元文鬆:“我不覺得父親有錯,反而是我,不該在那時同父親一樣與你疏離,應該多替父親管著你才是。”
岑鯨張了張嘴,想說不是的,他們都沒有錯,她的結局從一開始就定好了,所以誰都管不住她,也更改不了她的命運。
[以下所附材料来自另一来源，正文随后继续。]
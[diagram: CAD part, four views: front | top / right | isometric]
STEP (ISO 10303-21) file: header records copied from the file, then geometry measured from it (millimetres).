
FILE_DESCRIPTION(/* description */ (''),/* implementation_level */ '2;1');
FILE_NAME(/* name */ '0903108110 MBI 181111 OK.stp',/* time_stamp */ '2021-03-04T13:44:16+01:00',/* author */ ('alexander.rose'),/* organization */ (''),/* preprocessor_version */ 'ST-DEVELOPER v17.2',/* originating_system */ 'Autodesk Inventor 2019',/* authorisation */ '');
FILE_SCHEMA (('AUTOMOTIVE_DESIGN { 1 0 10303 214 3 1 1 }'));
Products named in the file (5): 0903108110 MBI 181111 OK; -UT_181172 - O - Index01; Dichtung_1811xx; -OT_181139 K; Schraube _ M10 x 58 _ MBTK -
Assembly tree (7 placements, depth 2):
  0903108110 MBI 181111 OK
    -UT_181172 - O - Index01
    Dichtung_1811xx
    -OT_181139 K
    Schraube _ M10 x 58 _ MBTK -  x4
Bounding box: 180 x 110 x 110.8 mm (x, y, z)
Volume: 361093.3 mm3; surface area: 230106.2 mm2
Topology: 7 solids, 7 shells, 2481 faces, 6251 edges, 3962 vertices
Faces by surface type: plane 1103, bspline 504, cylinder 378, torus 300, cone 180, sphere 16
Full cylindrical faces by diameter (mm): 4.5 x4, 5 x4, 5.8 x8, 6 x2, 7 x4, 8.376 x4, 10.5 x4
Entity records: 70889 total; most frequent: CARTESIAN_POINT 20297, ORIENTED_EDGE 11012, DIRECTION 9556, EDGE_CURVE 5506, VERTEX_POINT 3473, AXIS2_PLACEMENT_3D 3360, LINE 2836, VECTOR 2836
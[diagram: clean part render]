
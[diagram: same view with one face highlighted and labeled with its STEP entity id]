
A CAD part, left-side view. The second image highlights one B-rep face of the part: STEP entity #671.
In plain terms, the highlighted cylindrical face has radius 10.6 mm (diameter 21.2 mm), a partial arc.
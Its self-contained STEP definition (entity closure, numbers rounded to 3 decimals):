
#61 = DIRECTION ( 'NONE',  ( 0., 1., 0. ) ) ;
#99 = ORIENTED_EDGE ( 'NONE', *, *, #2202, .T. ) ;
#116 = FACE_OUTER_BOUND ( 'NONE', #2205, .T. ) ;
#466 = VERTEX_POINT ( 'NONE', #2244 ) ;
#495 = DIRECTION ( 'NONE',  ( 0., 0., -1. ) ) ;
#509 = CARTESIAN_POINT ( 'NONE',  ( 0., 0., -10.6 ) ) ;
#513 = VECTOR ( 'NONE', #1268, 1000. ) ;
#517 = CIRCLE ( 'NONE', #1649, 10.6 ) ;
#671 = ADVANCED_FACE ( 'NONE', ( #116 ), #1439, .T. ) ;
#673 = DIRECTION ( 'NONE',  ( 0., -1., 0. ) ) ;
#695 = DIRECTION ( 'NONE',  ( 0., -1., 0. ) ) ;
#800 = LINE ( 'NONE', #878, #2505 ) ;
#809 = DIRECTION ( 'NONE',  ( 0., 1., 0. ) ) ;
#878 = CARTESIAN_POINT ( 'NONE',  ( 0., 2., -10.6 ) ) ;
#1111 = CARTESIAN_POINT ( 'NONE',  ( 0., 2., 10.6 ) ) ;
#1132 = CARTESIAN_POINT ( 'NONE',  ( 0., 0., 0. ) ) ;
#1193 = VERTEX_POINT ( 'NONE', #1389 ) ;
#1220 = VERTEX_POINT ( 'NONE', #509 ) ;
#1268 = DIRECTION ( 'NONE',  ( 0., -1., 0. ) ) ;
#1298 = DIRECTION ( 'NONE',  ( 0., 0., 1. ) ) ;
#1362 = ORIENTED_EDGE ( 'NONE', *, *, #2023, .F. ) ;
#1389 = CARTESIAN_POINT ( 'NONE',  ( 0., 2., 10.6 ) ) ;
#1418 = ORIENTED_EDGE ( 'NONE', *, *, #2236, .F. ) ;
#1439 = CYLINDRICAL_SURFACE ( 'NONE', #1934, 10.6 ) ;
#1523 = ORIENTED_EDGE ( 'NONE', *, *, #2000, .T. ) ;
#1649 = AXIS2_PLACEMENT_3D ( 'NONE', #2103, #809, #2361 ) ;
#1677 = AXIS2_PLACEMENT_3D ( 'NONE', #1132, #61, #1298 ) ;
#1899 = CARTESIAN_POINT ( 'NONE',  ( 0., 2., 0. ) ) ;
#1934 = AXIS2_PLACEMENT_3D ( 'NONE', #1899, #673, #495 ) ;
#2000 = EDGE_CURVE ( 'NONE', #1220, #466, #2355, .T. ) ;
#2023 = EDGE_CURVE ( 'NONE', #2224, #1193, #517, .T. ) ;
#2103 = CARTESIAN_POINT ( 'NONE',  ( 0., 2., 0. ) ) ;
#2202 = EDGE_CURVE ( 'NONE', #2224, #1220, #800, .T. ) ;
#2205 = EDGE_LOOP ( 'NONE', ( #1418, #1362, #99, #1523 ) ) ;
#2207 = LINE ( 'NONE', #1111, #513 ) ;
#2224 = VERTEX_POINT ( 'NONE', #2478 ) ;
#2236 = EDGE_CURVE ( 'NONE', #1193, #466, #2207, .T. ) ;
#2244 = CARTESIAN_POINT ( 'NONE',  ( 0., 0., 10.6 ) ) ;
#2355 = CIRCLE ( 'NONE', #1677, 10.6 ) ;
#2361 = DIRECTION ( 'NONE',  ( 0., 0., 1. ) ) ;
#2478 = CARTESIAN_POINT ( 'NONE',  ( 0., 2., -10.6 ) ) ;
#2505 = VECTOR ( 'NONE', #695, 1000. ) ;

然而涉及係統,她無法說明,唯剩濕潤的眼底盈滿了淚,眼睫輕輕一顫,淚水便奪眶而出。
岑鯨低頭擦去眼淚,強迫自己把情緒拉回來,半晌,空氣中響起她勉力穩住,卻又難掩嘶啞的聲音:“是我有愧老師的教導。”
……
岑鯨與燕蘭庭在元府待了半日,離開時,元文鬆又單獨同她說了兩句——
“你既然知錯,日後就不要再犯,也……也多管著你那學生。”
岑鯨:“師兄是說明煦?”
元文鬆眉頭緊蹙,眼底滿是對燕蘭庭的不喜:“我看他原也是個好的,就是在你死後性情大變,以至於我每每見他,都覺得他行事有幾分像當初的你,悖逆不軌,不知分寸,隻是沒你當初那麼顯眼罷了。近來倒是好些,我猜應是你在背後約束的緣故,今你無恙,應不至於叫他再和當初的你一樣錯下去。”
從來沒約束過燕蘭庭,甚至現場圍觀過燕蘭庭和蕭卿顏合謀,商量怎麼弑君奪位的岑鯨:“……嗯。”